● **MATERIAL FOR THE TASK**:
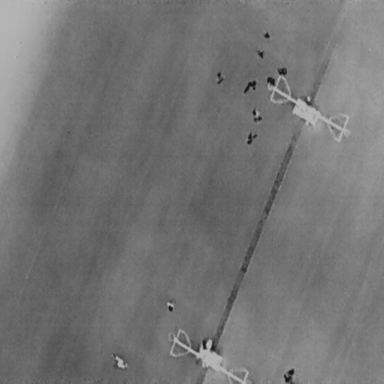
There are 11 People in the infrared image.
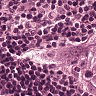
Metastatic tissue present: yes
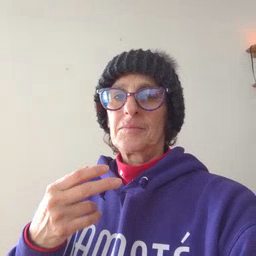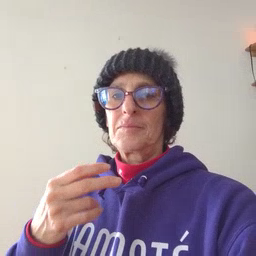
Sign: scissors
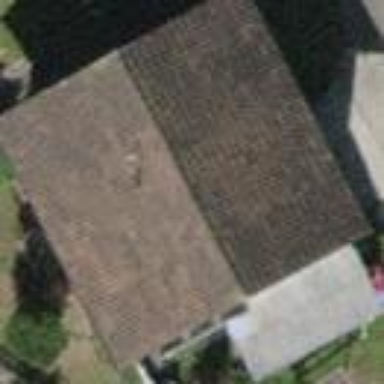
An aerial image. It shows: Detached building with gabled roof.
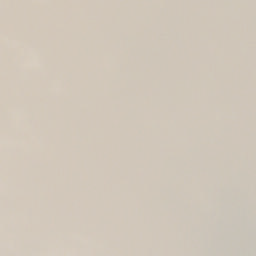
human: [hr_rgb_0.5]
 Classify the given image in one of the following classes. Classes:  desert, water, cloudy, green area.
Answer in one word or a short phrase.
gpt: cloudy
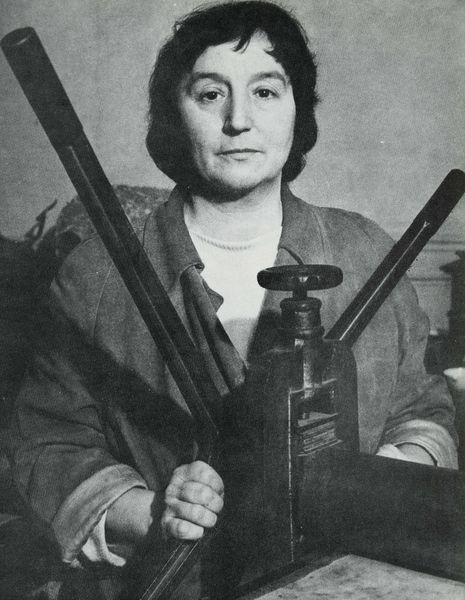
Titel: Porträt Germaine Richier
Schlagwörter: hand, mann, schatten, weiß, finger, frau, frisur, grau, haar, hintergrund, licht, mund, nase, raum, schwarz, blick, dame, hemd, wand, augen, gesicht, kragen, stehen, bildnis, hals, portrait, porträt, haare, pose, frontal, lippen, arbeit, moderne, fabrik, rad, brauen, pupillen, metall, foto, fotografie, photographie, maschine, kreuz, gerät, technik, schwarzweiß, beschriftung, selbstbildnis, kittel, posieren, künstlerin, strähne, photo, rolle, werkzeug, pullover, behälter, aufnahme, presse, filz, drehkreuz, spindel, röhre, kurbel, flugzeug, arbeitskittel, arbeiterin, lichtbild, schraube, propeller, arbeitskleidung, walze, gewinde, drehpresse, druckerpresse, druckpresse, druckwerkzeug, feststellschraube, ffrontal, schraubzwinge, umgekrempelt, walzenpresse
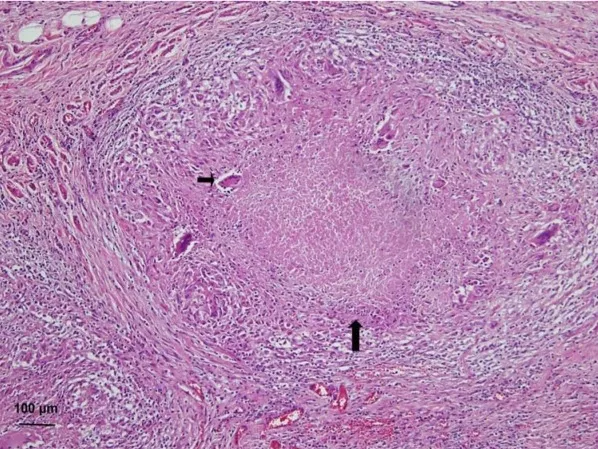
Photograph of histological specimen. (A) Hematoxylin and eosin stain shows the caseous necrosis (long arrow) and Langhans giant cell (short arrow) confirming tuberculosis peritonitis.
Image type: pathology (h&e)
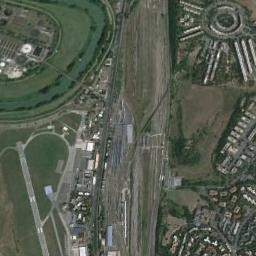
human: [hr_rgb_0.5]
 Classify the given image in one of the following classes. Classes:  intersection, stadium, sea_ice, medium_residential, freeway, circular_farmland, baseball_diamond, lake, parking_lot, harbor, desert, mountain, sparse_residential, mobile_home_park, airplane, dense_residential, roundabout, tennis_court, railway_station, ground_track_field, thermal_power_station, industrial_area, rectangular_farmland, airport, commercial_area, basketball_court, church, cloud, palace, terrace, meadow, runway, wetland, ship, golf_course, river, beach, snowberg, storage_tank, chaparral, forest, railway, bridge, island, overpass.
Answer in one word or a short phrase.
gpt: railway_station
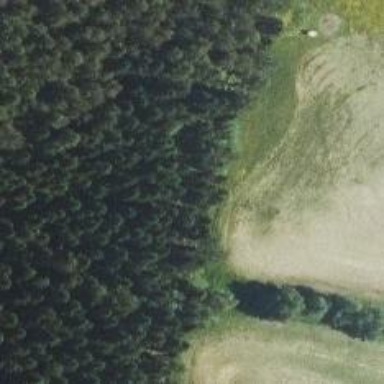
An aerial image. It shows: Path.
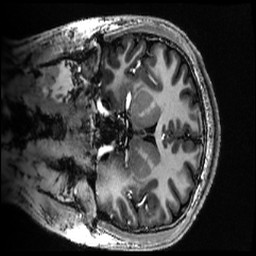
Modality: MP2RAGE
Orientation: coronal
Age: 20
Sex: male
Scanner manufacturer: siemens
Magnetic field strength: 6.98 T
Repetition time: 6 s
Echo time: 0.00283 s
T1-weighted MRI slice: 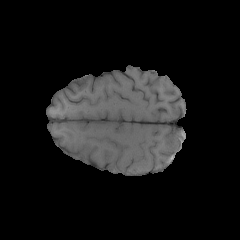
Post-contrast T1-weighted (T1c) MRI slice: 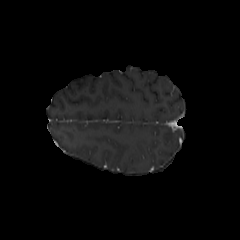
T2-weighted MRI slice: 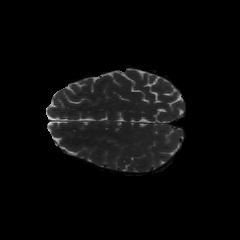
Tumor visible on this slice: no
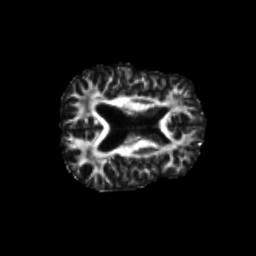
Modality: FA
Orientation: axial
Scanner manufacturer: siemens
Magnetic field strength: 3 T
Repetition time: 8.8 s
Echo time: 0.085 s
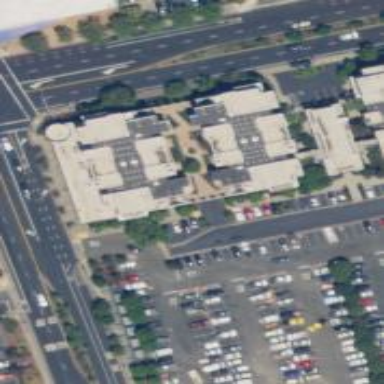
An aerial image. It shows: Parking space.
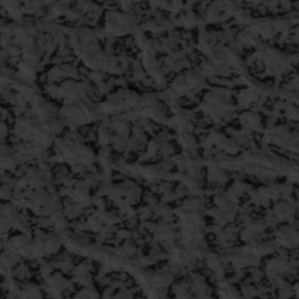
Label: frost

* * *

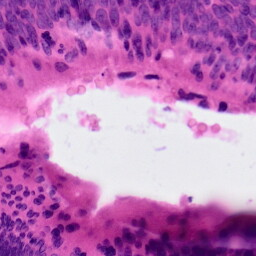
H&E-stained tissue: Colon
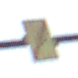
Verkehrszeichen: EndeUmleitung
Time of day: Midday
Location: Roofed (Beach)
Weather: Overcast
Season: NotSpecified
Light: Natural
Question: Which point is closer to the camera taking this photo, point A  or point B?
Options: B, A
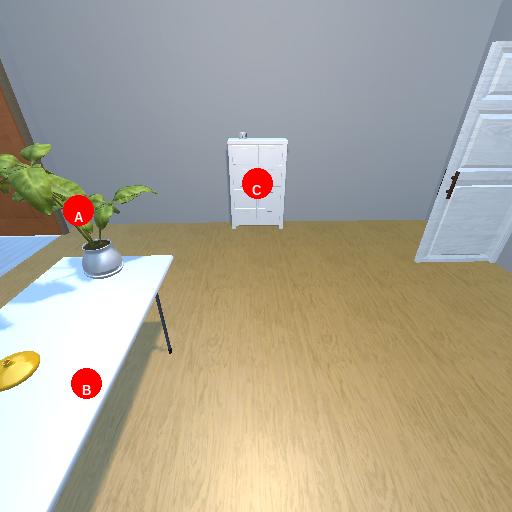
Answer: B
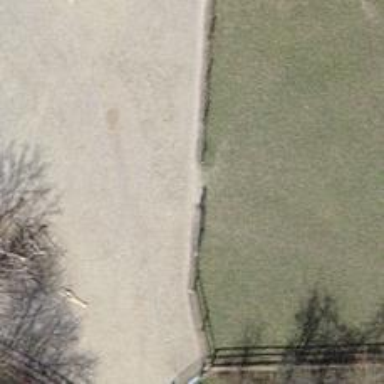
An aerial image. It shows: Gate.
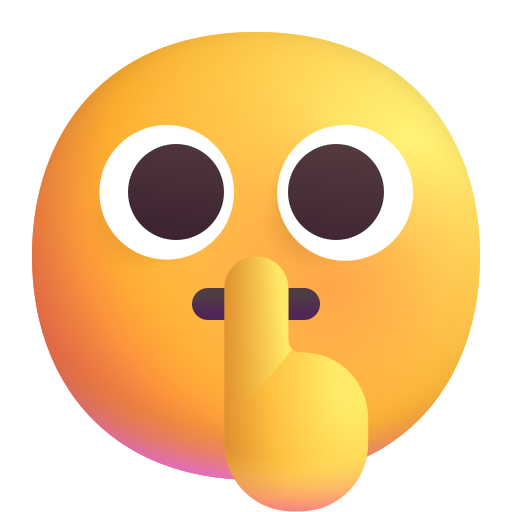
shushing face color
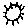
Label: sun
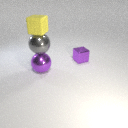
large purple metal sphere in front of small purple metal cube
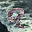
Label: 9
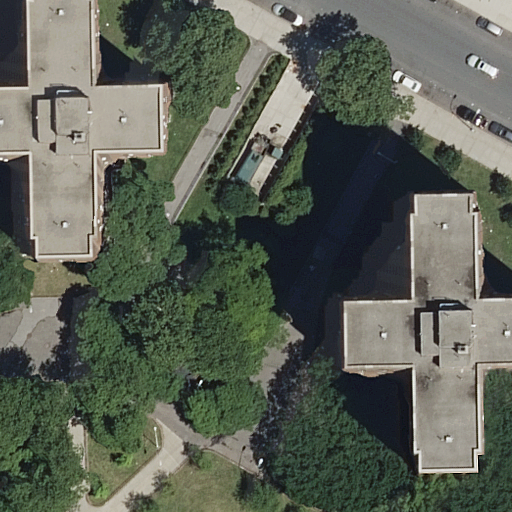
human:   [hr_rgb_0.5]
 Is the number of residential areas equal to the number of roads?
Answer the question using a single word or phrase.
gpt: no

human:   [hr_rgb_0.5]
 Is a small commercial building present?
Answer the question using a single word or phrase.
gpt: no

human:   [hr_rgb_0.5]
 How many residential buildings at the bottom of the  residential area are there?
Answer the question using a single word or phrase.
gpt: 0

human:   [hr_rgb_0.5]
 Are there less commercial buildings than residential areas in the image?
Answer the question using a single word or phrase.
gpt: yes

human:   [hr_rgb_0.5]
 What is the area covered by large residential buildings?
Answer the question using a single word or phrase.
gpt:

● **EXERCISE**: Copy all lines above where "buildings" is present.

● **TASK RESPONSE**:
 How many residential buildings at the bottom of the  residential area are there?
 Are there less commercial buildings than residential areas in the image?
 What is the area covered by large residential buildings?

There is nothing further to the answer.